▸ THE INPUT

⟨

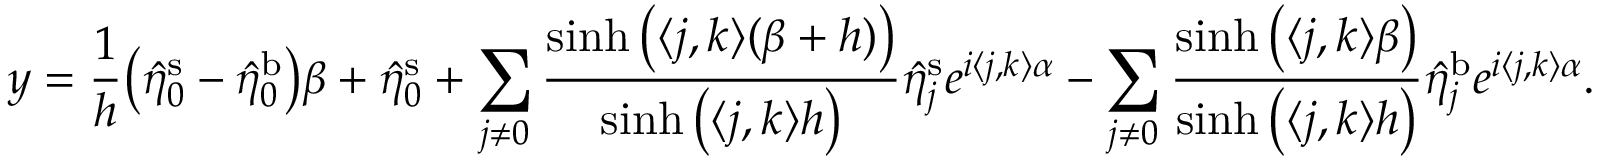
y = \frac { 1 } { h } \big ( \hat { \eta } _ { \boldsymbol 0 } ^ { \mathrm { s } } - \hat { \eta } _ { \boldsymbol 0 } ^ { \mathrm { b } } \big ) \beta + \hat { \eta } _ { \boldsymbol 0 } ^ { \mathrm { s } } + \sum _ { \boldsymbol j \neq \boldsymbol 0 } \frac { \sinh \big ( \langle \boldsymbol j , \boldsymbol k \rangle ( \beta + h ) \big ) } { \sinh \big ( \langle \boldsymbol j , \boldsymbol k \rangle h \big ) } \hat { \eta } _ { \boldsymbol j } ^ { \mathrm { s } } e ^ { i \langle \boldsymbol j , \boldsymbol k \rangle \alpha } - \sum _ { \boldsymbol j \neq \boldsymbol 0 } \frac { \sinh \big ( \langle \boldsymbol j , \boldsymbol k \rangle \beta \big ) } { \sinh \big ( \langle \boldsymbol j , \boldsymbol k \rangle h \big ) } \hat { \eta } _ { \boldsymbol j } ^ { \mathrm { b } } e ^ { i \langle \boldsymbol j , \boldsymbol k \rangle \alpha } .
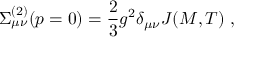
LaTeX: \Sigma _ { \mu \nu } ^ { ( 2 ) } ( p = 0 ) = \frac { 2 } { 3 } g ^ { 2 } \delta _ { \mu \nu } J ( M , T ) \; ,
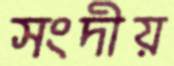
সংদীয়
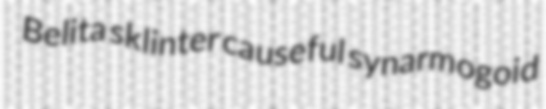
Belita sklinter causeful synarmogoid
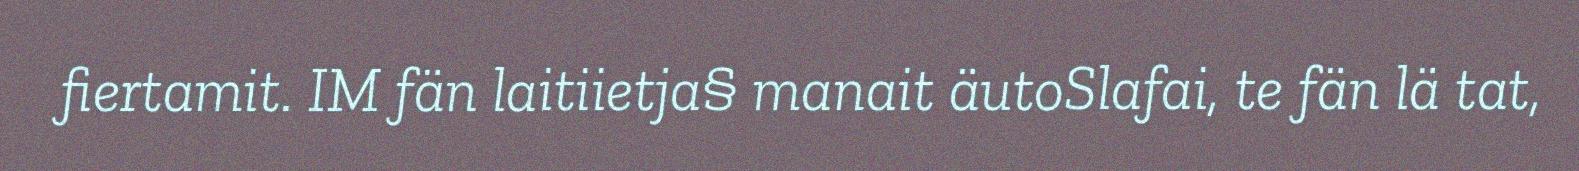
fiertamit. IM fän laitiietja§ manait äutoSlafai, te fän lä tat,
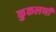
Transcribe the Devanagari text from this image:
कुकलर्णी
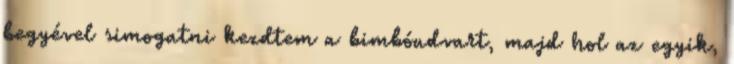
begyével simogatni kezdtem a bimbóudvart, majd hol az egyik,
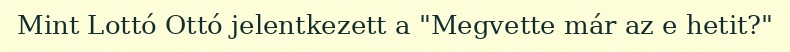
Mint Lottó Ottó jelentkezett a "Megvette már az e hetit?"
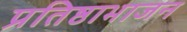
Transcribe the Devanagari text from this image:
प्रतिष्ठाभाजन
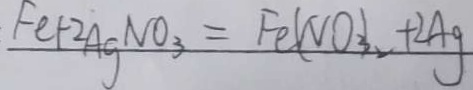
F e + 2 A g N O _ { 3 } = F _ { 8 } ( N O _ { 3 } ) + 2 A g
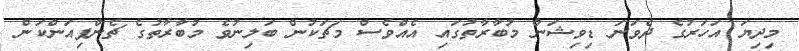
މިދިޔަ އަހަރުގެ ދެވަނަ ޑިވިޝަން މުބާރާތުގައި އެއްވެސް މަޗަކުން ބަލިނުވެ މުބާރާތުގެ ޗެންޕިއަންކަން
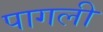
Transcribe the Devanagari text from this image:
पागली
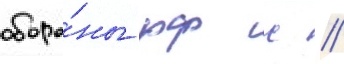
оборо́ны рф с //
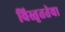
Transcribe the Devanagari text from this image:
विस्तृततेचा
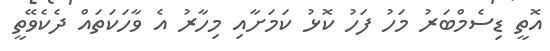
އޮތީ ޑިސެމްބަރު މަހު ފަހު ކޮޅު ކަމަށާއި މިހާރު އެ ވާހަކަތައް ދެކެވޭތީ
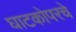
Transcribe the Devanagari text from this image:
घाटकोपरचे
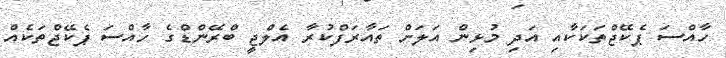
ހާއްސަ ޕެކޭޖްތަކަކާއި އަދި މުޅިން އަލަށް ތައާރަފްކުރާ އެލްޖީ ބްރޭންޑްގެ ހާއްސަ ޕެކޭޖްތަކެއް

⟩
⟨

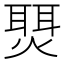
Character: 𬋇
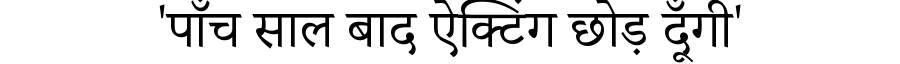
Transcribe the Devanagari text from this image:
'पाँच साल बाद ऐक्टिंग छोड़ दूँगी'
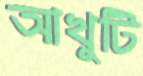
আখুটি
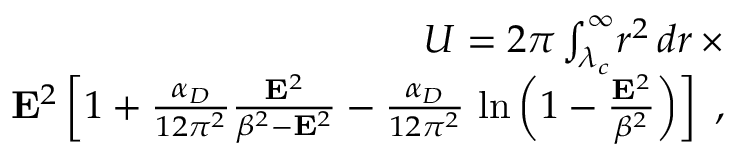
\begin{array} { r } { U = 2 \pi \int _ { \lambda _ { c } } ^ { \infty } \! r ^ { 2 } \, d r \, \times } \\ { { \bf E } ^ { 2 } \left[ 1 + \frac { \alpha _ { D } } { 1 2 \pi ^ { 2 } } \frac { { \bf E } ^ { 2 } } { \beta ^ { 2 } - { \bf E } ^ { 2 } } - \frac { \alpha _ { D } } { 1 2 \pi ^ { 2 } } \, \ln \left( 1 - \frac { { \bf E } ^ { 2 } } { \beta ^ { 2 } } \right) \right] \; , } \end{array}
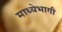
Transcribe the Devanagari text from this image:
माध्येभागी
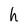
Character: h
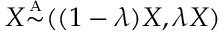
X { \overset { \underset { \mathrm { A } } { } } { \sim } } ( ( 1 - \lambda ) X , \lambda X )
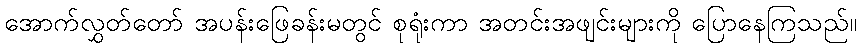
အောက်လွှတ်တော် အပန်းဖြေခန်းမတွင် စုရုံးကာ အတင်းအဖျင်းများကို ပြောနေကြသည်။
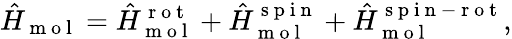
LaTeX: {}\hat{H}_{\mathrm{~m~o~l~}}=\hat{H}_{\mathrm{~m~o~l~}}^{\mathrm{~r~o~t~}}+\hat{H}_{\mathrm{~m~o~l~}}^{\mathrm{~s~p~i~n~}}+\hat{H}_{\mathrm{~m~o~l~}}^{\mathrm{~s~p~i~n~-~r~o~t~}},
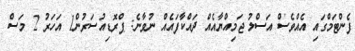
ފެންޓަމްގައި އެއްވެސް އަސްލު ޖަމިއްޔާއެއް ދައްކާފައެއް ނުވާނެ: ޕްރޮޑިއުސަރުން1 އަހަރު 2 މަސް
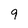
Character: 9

⟩
⟨

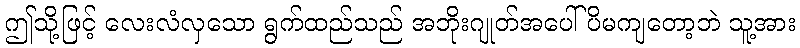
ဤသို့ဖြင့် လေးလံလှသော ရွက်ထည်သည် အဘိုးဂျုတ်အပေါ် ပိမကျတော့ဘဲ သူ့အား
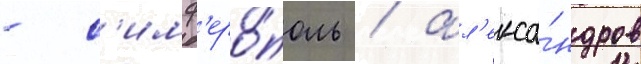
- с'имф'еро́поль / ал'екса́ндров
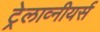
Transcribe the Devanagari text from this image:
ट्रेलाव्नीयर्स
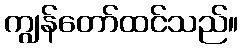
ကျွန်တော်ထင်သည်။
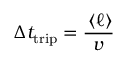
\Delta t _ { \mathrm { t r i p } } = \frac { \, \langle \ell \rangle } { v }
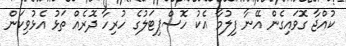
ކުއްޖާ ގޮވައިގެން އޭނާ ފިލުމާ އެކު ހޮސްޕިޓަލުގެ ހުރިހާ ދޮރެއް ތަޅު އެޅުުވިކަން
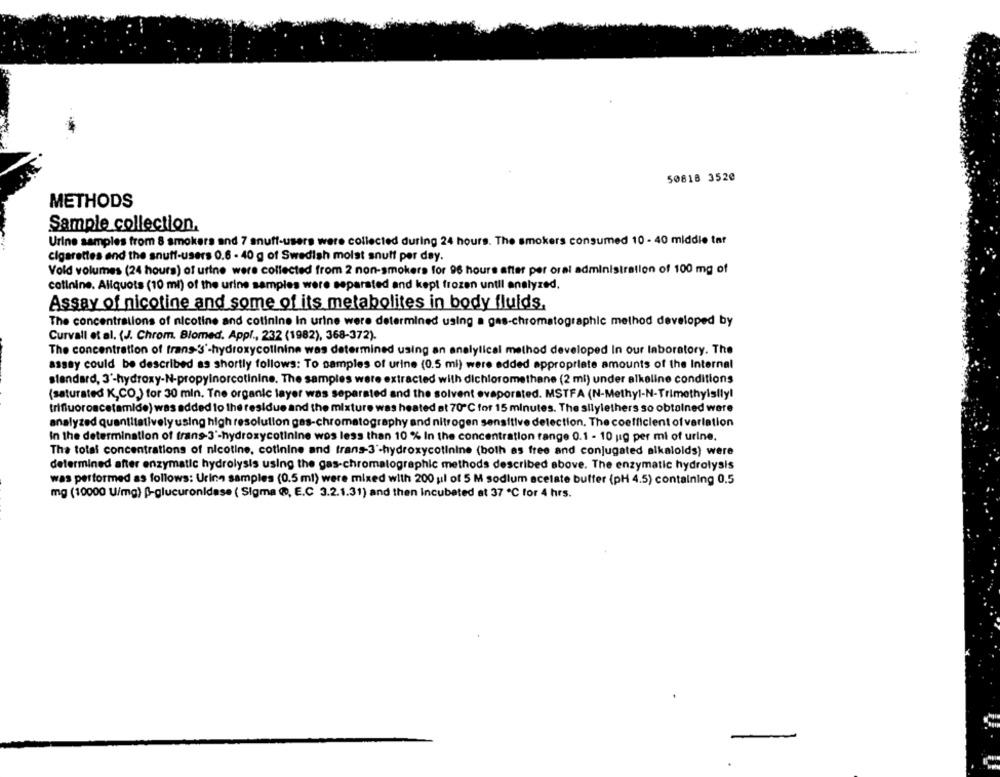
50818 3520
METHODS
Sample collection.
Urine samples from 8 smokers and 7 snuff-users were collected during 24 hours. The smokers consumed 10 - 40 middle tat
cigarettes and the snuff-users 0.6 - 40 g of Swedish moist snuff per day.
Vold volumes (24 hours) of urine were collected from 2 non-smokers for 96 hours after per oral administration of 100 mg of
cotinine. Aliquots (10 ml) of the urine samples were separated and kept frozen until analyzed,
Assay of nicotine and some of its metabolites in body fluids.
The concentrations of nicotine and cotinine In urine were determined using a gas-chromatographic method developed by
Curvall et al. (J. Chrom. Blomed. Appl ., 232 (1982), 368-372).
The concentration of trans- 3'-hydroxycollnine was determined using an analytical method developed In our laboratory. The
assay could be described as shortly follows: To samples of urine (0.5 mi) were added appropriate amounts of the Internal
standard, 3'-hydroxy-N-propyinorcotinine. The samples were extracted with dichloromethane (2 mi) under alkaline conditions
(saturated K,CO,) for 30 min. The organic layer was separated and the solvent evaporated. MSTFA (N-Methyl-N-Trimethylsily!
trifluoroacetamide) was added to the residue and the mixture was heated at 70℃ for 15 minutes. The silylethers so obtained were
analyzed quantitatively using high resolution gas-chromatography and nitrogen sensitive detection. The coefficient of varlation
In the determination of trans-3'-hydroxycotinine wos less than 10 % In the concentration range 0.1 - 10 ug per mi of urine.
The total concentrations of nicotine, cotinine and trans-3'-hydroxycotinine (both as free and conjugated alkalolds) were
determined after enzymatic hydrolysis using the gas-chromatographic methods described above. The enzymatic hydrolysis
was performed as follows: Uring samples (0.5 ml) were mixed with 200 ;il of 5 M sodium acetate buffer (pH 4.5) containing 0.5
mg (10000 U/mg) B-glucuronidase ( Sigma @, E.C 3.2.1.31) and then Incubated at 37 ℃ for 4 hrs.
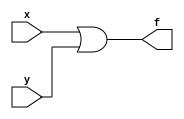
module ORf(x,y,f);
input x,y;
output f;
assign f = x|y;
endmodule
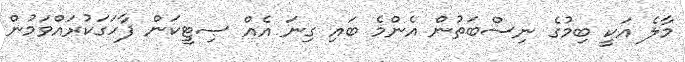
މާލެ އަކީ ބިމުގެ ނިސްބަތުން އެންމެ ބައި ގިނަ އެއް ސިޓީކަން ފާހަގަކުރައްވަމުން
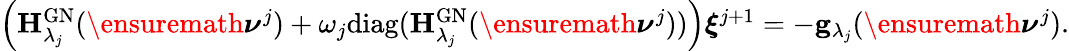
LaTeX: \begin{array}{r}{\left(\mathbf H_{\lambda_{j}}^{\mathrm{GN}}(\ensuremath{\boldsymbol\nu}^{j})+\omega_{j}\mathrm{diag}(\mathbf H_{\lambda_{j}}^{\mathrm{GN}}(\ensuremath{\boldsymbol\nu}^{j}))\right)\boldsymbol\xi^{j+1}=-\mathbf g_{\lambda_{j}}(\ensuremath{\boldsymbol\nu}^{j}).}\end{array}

⟩

▸ TASK DETAILS
Output exactly the lines above, from the line with "k \rangle \beta" to the line with "މިދިޔަ އަހަރުގެ ދެވަނަ", both included; skip the pictures.

▸ TASK RESPONSE
y = \frac { 1 } { h } \big ( \hat { \eta } _ { \boldsymbol 0 } ^ { \mathrm { s } } - \hat { \eta } _ { \boldsymbol 0 } ^ { \mathrm { b } } \big ) \beta + \hat { \eta } _ { \boldsymbol 0 } ^ { \mathrm { s } } + \sum _ { \boldsymbol j \neq \boldsymbol 0 } \frac { \sinh \big ( \langle \boldsymbol j , \boldsymbol k \rangle ( \beta + h ) \big ) } { \sinh \big ( \langle \boldsymbol j , \boldsymbol k \rangle h \big ) } \hat { \eta } _ { \boldsymbol j } ^ { \mathrm { s } } e ^ { i \langle \boldsymbol j , \boldsymbol k \rangle \alpha } - \sum _ { \boldsymbol j \neq \boldsymbol 0 } \frac { \sinh \big ( \langle \boldsymbol j , \boldsymbol k \rangle \beta \big ) } { \sinh \big ( \langle \boldsymbol j , \boldsymbol k \rangle h \big ) } \hat { \eta } _ { \boldsymbol j } ^ { \mathrm { b } } e ^ { i \langle \boldsymbol j , \boldsymbol k \rangle \alpha } .
LaTeX: \Sigma _ { \mu \nu } ^ { ( 2 ) } ( p = 0 ) = \frac { 2 } { 3 } g ^ { 2 } \delta _ { \mu \nu } J ( M , T ) \; ,
সংদীয়
Belita sklinter causeful synarmogoid
fiertamit. IM fän laitiietja§ manait äutoSlafai, te fän lä tat,
Transcribe the Devanagari text from this image:
कुकलर्णी
begyével simogatni kezdtem a bimbóudvart, majd hol az egyik,
Mint Lottó Ottó jelentkezett a "Megvette már az e hetit?"
Transcribe the Devanagari text from this image:
प्रतिष्ठाभाजन
F e + 2 A g N O _ { 3 } = F _ { 8 } ( N O _ { 3 } ) + 2 A g
މިދިޔަ އަހަރުގެ ދެވަނަ ޑިވިޝަން މުބާރާތުގައި އެއްވެސް މަޗަކުން ބަލިނުވެ މުބާރާތުގެ ޗެންޕިއަންކަން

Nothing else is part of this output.